Let $a_1, a_2, \ldots, a_n, b_1, b_2, \ldots, b_n \in \R_{\ge 0}$ be non-negative real numbers.

Let $p \in \R$, $p \ne 0$ be a real number.

If $p < 0$, then we require that $a_1, a_2, \ldots, a_n, b_1, b_2, \ldots, b_n$ be strictly positive.


If $p > 1$, then:

$\displaystyle \left({\sum_{k \mathop = 1}^n \left({a_k + b_k}\right)^p}\right)^{1/p} \le \left({\sum_{k \mathop = 1}^n a_k^p}\right)^{1/p} + \left({\sum_{k \mathop = 1}^n b_k^p}\right)^{1/p}$


If $p < 1$, $p \ne 0$, then:

$\displaystyle \left({\sum_{k \mathop = 1}^n \left({a_k + b_k}\right)^p}\right)^{1/p} \ge \left({\sum_{k \mathop = 1}^n a_k^p}\right)^{1/p} + \left({\sum_{k \mathop = 1}^n b_k^p}\right)^{1/p}$


Corollary

Let $a_1, a_2, \ldots, a_n, b_1, b_2, \ldots, b_n \in \R$ be real numbers.

Let $p \in \R$ be a real number.


If $p > 1$, then:

$\displaystyle \paren {\sum_{k \mathop = 1}^n \size {a_k + b_k}^p}^{1/p} \le \paren {\sum_{k \mathop = 1}^n \size {a_k}^p}^{1/p} + \paren {\sum_{k \mathop = 1}^n \size {b_k}^p}^{1/p}$


Proof

Proof for $p = 2$

$p = 2$ is an easily proved special case:

\(\displaystyle \sum_{k \mathop = 1}^n \paren {a_k + b_k}^2\) \(=\) \(\displaystyle \sum_{k \mathop = 1}^n \paren {a_k^2 + 2 a_k b_k + b_k^2}\)
\(\displaystyle \) \(=\) \(\displaystyle \sum_{k \mathop = 1}^n a_k^2 + 2 \sum_{k \mathop = 1}^n a_k b_k + \sum_{k \mathop = 1}^n b_k^2\)
\(\displaystyle \) \(\le\) \(\displaystyle \sum_{k \mathop = 1}^n a_k^2 + 2 \paren {\sum_{k \mathop = 1}^n a_k^2}^{1/2} \paren {\sum_{k \mathop = 1}^n b_k^2}^{1/2} + \sum_{k \mathop = 1}^n b_k^2\) Cauchy's Inequality
\(\displaystyle \) \(=\) \(\displaystyle \paren {\paren {\sum_{k \mathop = 1}^n a_k^2}^{1/2} + \paren {\sum_{k \mathop = 1}^n b_k^2}^{1/2} }^2\)

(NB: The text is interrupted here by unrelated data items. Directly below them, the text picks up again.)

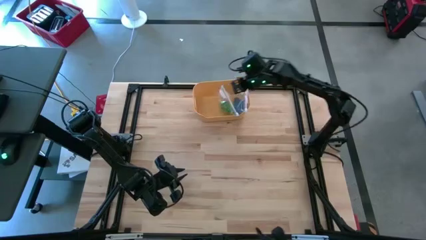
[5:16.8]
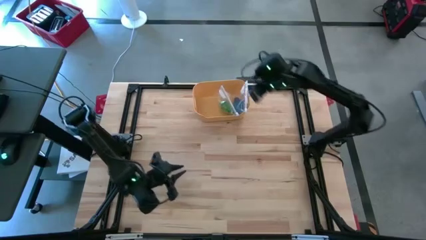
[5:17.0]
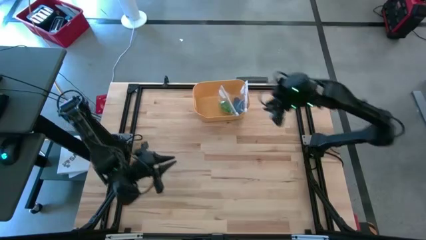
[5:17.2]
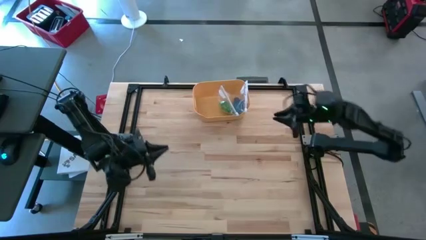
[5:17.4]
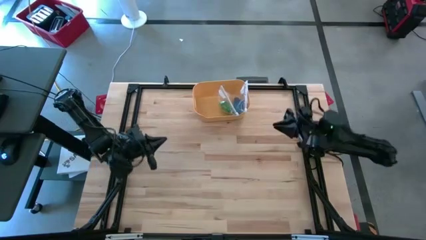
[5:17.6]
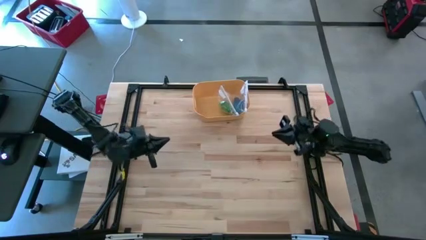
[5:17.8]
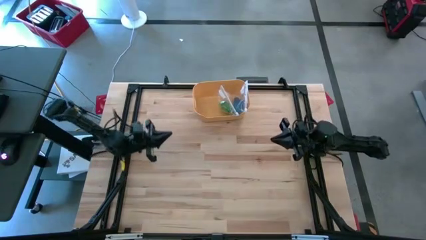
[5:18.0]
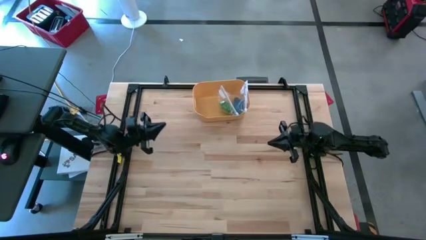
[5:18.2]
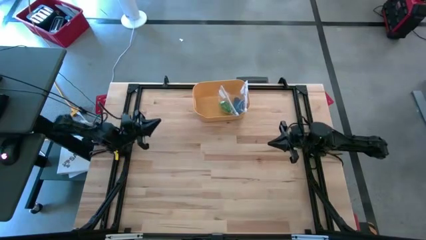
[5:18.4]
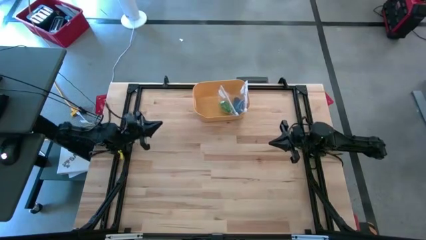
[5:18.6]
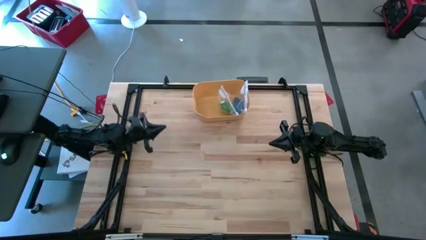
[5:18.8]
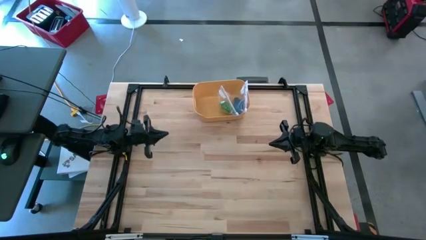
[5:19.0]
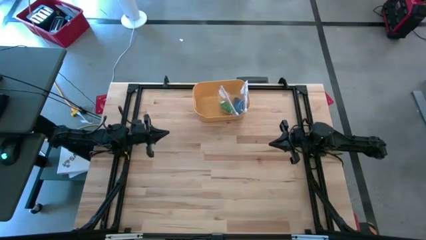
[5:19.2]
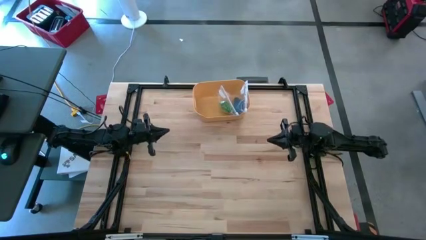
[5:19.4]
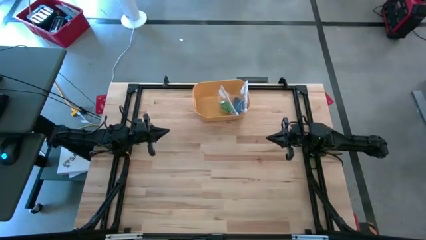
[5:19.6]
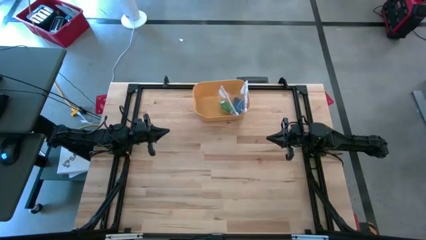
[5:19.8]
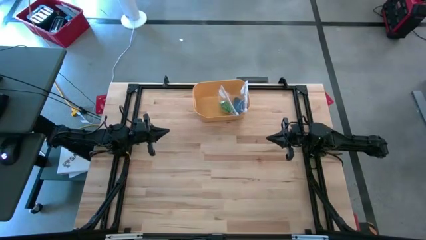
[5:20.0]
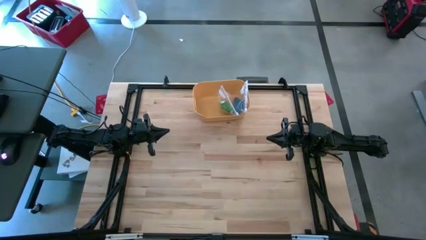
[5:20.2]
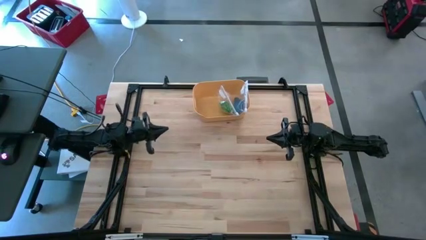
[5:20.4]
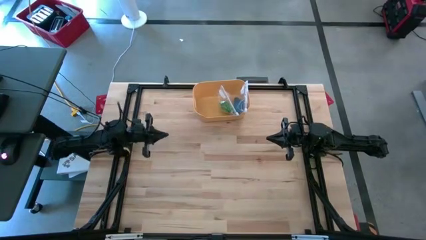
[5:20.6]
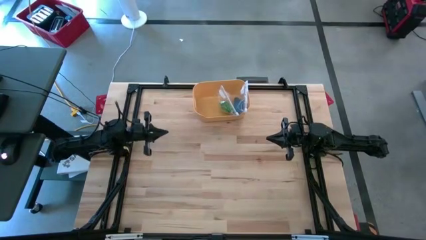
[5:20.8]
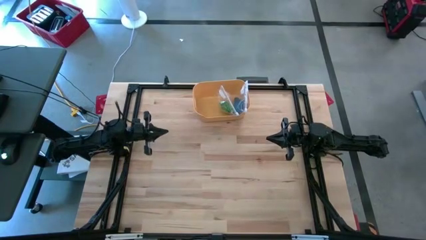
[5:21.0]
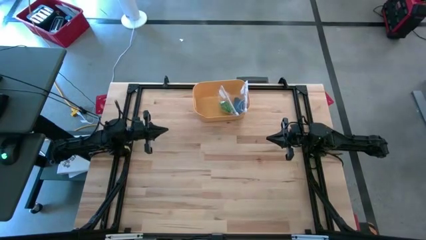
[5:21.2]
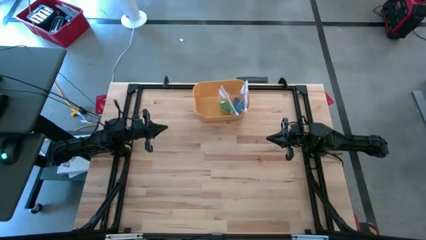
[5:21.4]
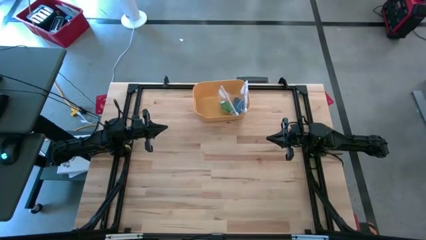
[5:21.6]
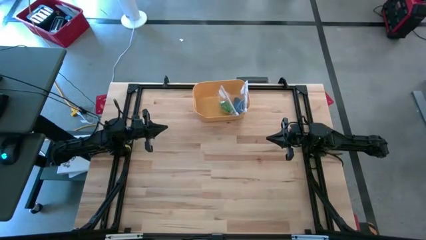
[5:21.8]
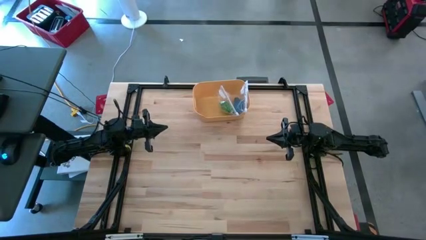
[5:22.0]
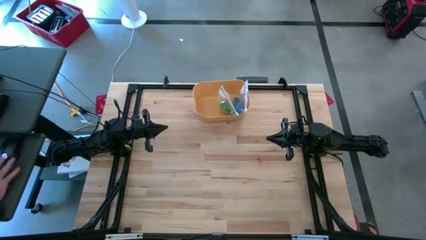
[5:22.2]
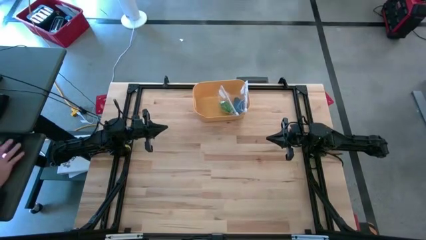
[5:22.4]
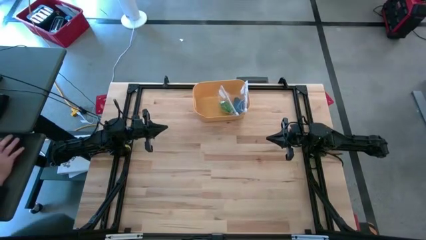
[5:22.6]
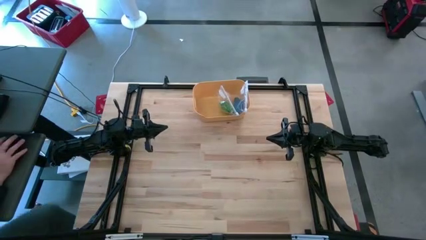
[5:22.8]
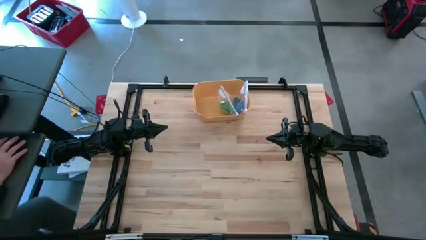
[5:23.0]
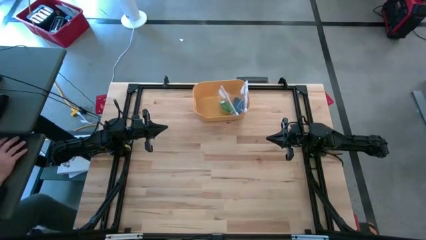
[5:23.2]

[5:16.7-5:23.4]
Task: Roll bandage
Return to Home Position

The result follows from Order is Preserved on Positive Reals by Squaring.

$\Box$


Proof for $p > 1$

Without loss of generality, assume that:

$\displaystyle \sum_{k \mathop = 1}^n \left({a_k + b_k}\right)^p \ne 0$

Define:

$q = \dfrac p {p-1}$

Then:

$\dfrac 1 p + \dfrac 1 q = \dfrac 1 p + \dfrac {p-1} p = 1$


It follows that:

\(\displaystyle \sum_{k \mathop = 1}^n \left({a_k + b_k}\right)^p\) \(=\) \(\displaystyle \sum_{k \mathop = 1}^n a_k \left({a_k + b_k}\right)^{p-1} + \sum_{k \mathop = 1}^n b_k \left({a_k + b_k}\right)^{p-1}\)
\(\displaystyle \) \(\le\) \(\displaystyle \left({\sum_{k \mathop = 1}^n a_k^p}\right)^{1/p} \left({\sum_{k \mathop = 1}^n \left({a_k + b_k}\right)^p}\right)^{1/q}\) by Hölder's Inequality for Sums, and because $\left({p - 1}\right) q = p$, by hypothesis
\(\displaystyle \) \(\) \(\, \displaystyle + \, \) \(\displaystyle \left({\sum_{k \mathop = 1}^n b_k^p}\right)^{1/p} \left({\sum_{k \mathop = 1}^n \left({a_k + b_k}\right)^p}\right)^{1/q}\)
\(\displaystyle \) \(=\) \(\displaystyle \left({\left({\sum_{k \mathop = 1}^n a_k^p}\right)^{1/p} + \left({\sum_{k \mathop = 1}^n b_k^p}\right)^{1/p} }\right) \left({\sum_{k \mathop = 1}^n \left({a_k + b_k}\right)^p}\right)^{1/q}\)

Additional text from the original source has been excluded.